*** Dataset extract Section Begins ***

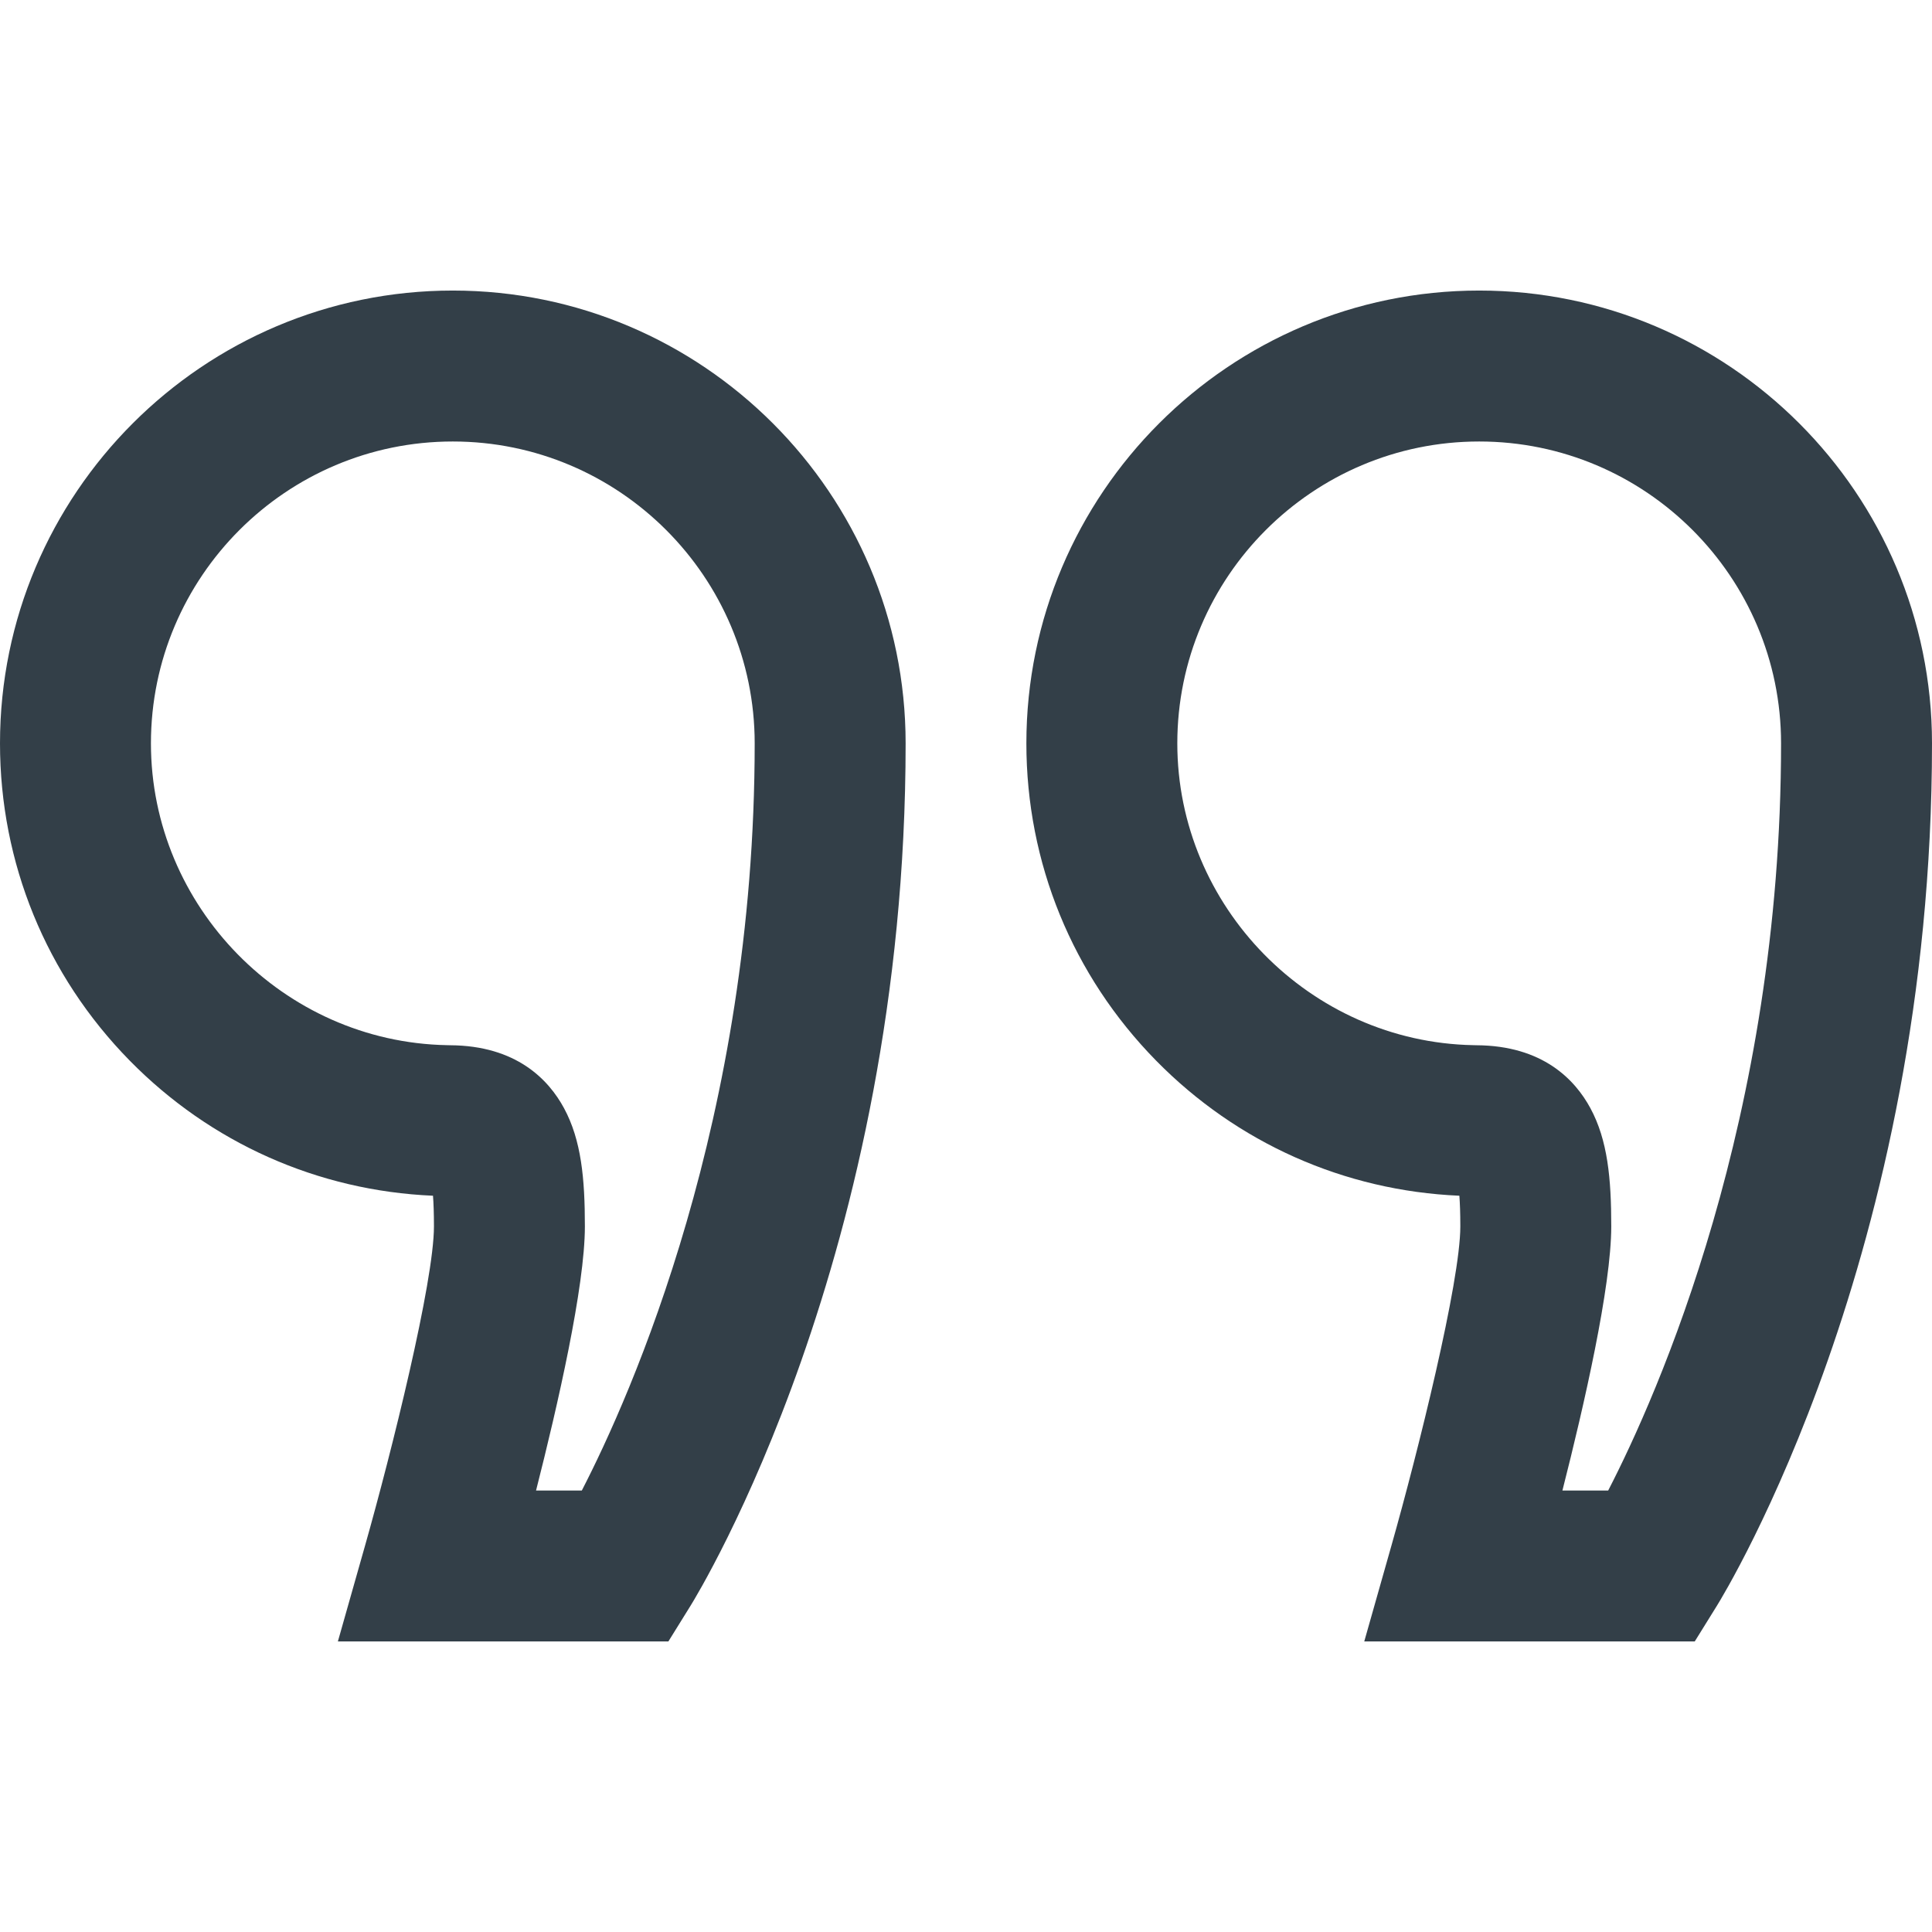 <?xml version="1.0"?>
<svg xmlns="http://www.w3.org/2000/svg" xmlns:xlink="http://www.w3.org/1999/xlink" xmlns:svgjs="http://svgjs.com/svgjs" version="1.1" width="512" height="512" x="0" y="0" viewBox="0 0 512 512" style="enable-background:new 0 0 512 512" xml:space="preserve" class=""><g>
<g xmlns="http://www.w3.org/2000/svg">
	<g>
		<path d="M120,77C53.832,77,0,130.832,0,197c0,31.641,12.208,61.497,34.374,84.069c21.458,21.851,49.904,34.501,80.375,35.812    c0.144,1.904,0.251,4.528,0.251,8.119c0,14.712-11.188,59.665-18.241,84.544L89.542,435h87.584l5.867-9.453    C185.32,421.797,240,332.148,240,197C240,130.832,186.168,77,120,77z M154.189,395h-12.13C147.806,372.416,155,340.959,155,325    c0-12.664-0.94-22.838-5.531-31.33c-4.089-7.564-12.641-16.573-30.183-16.669l-0.873-0.022C75.176,276.141,40,240.263,40,197    c0-44.112,35.888-80,80-80s80,35.888,80,80C200,296.32,167.164,369.834,154.189,395z" fill="#333f48" data-original="#000000" style="" class=""/>
	</g>
</g>
<g xmlns="http://www.w3.org/2000/svg">
	<g>
		<path d="M392,77c-66.168,0-120,53.832-120,120c0,31.641,12.208,61.497,34.374,84.069c21.458,21.851,49.904,34.501,80.375,35.812    c0.144,1.904,0.251,4.528,0.251,8.119c0,14.712-11.188,59.665-18.241,84.544L361.542,435h87.584l5.867-9.453    C457.32,421.797,512,332.148,512,197C512,130.832,458.168,77,392,77z M426.189,395h-12.13C419.806,372.416,427,340.959,427,325    c0-12.664-0.94-22.838-5.531-31.33c-4.089-7.564-12.641-16.573-30.183-16.669l-0.873-0.022C347.176,276.141,312,240.263,312,197    c0-44.112,35.888-80,80-80s80,35.888,80,80C472,296.32,439.164,369.834,426.189,395z" fill="#333f48" data-original="#000000" style="" class=""/>
	</g>
</g>
<g xmlns="http://www.w3.org/2000/svg">
</g>
<g xmlns="http://www.w3.org/2000/svg">
</g>
<g xmlns="http://www.w3.org/2000/svg">
</g>
<g xmlns="http://www.w3.org/2000/svg">
</g>
<g xmlns="http://www.w3.org/2000/svg">
</g>
<g xmlns="http://www.w3.org/2000/svg">
</g>
<g xmlns="http://www.w3.org/2000/svg">
</g>
<g xmlns="http://www.w3.org/2000/svg">
</g>
<g xmlns="http://www.w3.org/2000/svg">
</g>
<g xmlns="http://www.w3.org/2000/svg">
</g>
<g xmlns="http://www.w3.org/2000/svg">
</g>
<g xmlns="http://www.w3.org/2000/svg">
</g>
<g xmlns="http://www.w3.org/2000/svg">
</g>
<g xmlns="http://www.w3.org/2000/svg">
</g>
<g xmlns="http://www.w3.org/2000/svg">
</g>
</g></svg>

*** Dataset extract Section Ends ***

Each line of the listing is to be retyped exactly, and its pictures are to be dropped.

◆ Response area
 <?xml version="1.0"?>
<svg xmlns="http://www.w3.org/2000/svg" xmlns:xlink="http://www.w3.org/1999/xlink" xmlns:svgjs="http://svgjs.com/svgjs" version="1.1" width="512" height="512" x="0" y="0" viewBox="0 0 512 512" style="enable-background:new 0 0 512 512" xml:space="preserve" class=""><g>
<g xmlns="http://www.w3.org/2000/svg">
	<g>
		<path d="M120,77C53.832,77,0,130.832,0,197c0,31.641,12.208,61.497,34.374,84.069c21.458,21.851,49.904,34.501,80.375,35.812    c0.144,1.904,0.251,4.528,0.251,8.119c0,14.712-11.188,59.665-18.241,84.544L89.542,435h87.584l5.867-9.453    C185.32,421.797,240,332.148,240,197C240,130.832,186.168,77,120,77z M154.189,395h-12.13C147.806,372.416,155,340.959,155,325    c0-12.664-0.94-22.838-5.531-31.33c-4.089-7.564-12.641-16.573-30.183-16.669l-0.873-0.022C75.176,276.141,40,240.263,40,197    c0-44.112,35.888-80,80-80s80,35.888,80,80C200,296.32,167.164,369.834,154.189,395z" fill="#333f48" data-original="#000000" style="" class=""/>
	</g>
</g>
<g xmlns="http://www.w3.org/2000/svg">
	<g>
		<path d="M392,77c-66.168,0-120,53.832-120,120c0,31.641,12.208,61.497,34.374,84.069c21.458,21.851,49.904,34.501,80.375,35.812    c0.144,1.904,0.251,4.528,0.251,8.119c0,14.712-11.188,59.665-18.241,84.544L361.542,435h87.584l5.867-9.453    C457.32,421.797,512,332.148,512,197C512,130.832,458.168,77,392,77z M426.189,395h-12.13C419.806,372.416,427,340.959,427,325    c0-12.664-0.94-22.838-5.531-31.33c-4.089-7.564-12.641-16.573-30.183-16.669l-0.873-0.022C347.176,276.141,312,240.263,312,197    c0-44.112,35.888-80,80-80s80,35.888,80,80C472,296.32,439.164,369.834,426.189,395z" fill="#333f48" data-original="#000000" style="" class=""/>
	</g>
</g>
<g xmlns="http://www.w3.org/2000/svg">
</g>
<g xmlns="http://www.w3.org/2000/svg">
</g>
<g xmlns="http://www.w3.org/2000/svg">
</g>
<g xmlns="http://www.w3.org/2000/svg">
</g>
<g xmlns="http://www.w3.org/2000/svg">
</g>
<g xmlns="http://www.w3.org/2000/svg">
</g>
<g xmlns="http://www.w3.org/2000/svg">
</g>
<g xmlns="http://www.w3.org/2000/svg">
</g>
<g xmlns="http://www.w3.org/2000/svg">
</g>
<g xmlns="http://www.w3.org/2000/svg">
</g>
<g xmlns="http://www.w3.org/2000/svg">
</g>
<g xmlns="http://www.w3.org/2000/svg">
</g>
<g xmlns="http://www.w3.org/2000/svg">
</g>
<g xmlns="http://www.w3.org/2000/svg">
</g>
<g xmlns="http://www.w3.org/2000/svg">
</g>
</g></svg>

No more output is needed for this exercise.